The minister of the church that Sutpen's family attends in Absalom! tries to stop Sutpen from racing his carriage to church by "speaking [to him] in the name of the women of Jefferson and Yoknapatawpha County" (17). This stops Sutpen from coming to church, but the racing continues for a while. Although the novel doesn't say so, it's likely that this man is an Episcopalian minister.
Through the window of her mother's shop in "Miss Zilphia Gant" Zilphia watches her former schoolmates "fall into inevitable pairs" - i.e. begin dating - and notes that some of them end up at "the minister or the church," i.e. getting married (374). She may be thinking of an actual "minister" or using the term figuratively.

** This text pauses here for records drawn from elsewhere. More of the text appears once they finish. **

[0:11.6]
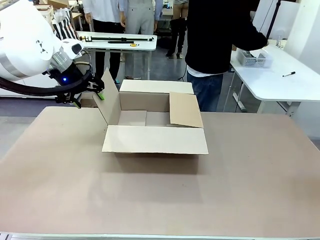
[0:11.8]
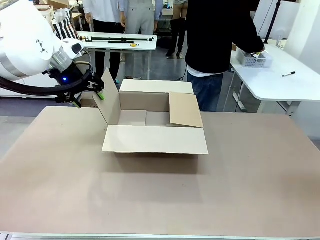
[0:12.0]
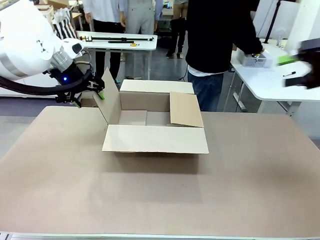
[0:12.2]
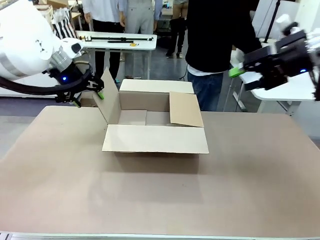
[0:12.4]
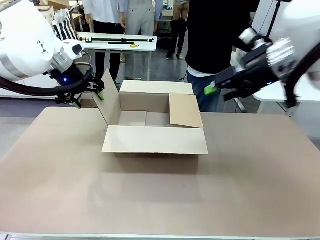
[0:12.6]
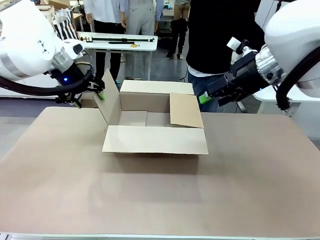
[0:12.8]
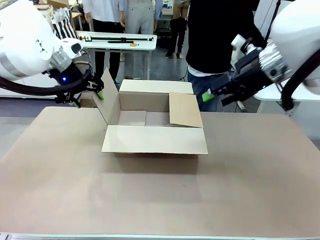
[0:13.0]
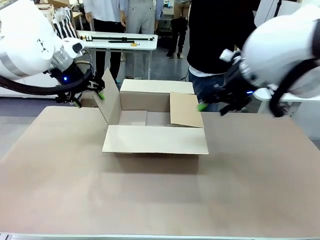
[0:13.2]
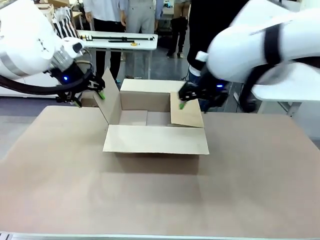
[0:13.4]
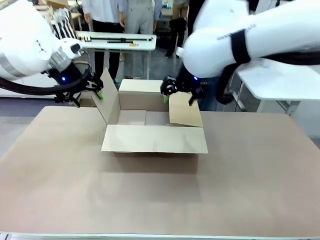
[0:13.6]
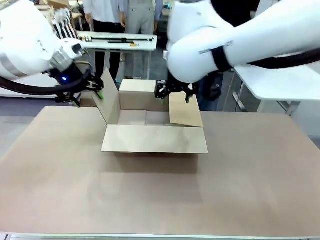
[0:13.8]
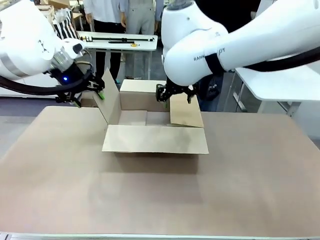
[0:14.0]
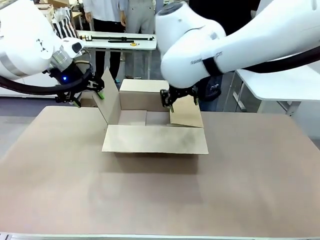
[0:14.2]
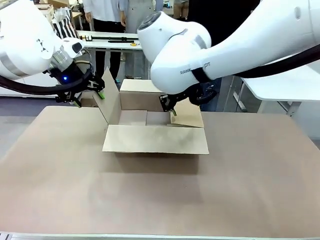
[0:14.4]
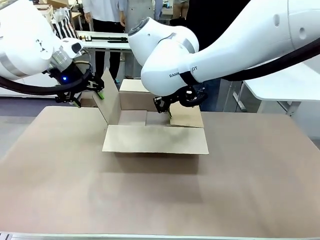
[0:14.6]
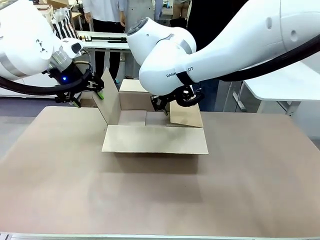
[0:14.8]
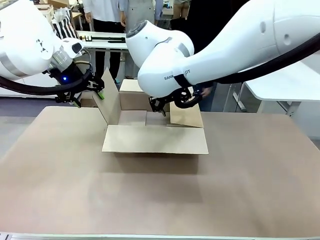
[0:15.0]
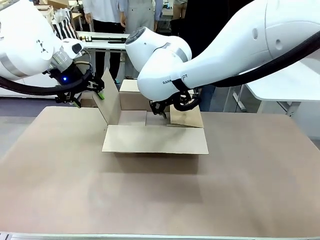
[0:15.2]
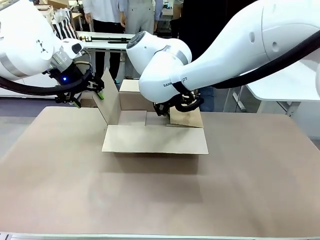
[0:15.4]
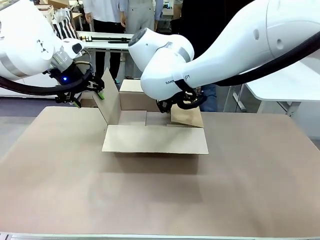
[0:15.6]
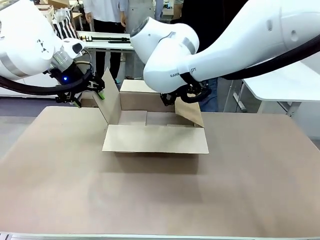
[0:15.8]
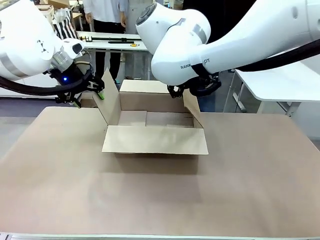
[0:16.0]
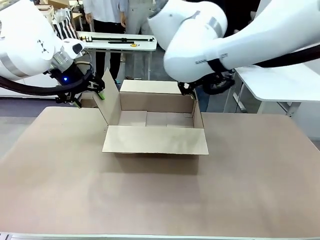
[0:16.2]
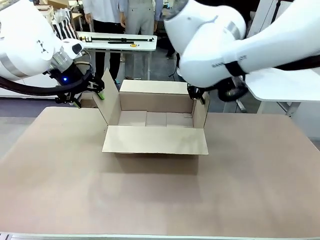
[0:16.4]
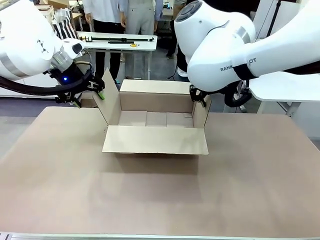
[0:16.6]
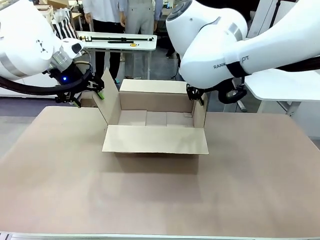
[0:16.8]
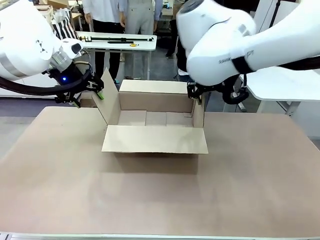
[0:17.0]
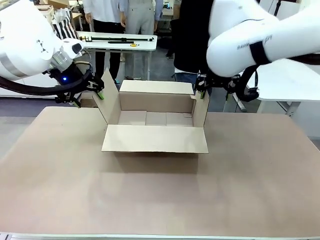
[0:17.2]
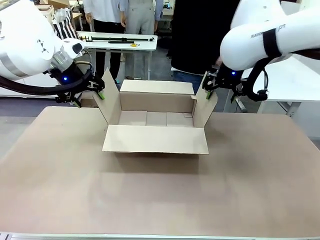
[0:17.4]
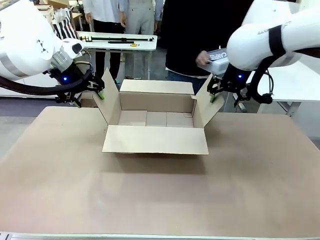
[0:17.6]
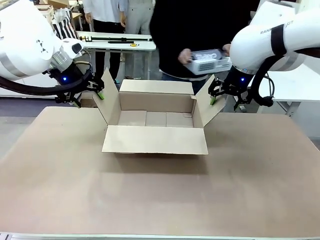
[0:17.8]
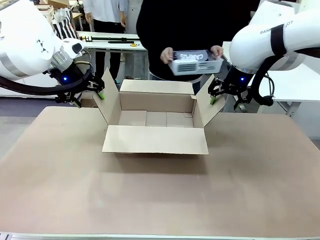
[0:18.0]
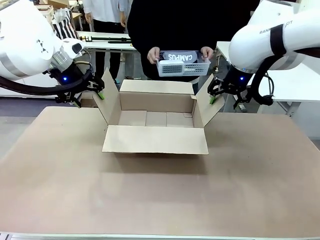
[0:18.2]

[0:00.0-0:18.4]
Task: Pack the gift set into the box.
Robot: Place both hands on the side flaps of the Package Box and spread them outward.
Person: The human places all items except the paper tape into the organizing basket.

When Captain Gualdres and his new bride appear in Gavin Stevens' office to say good-bye at the end of "Knight's Gambit," Gualdres refers to the marriage ceremony that has just taken place by saying, "We just leave the padre" (238). Although it's not made explicit, it's extremely likely that Gualdres himself is a Catholic - but if this "padre" is a Catholic priest, this would be the only time in the Yoknapatawpha fictions that Faulkner mentions a local Catholic church.
In "A Name for the City" and again in Requiem for a Nun this inhabitant of the settlement is sent to the "post-office-store" to "fetch the old Carolina lock from the latest Nashville mail-pouch" (202, 6).
According to Gavin Stevens, "every male under sixty who had ever taken a drink or bought a bale of cotton from her father" was considered as the possible love interest in Mrs. Harriss' past ("Knight's Gambit," 245).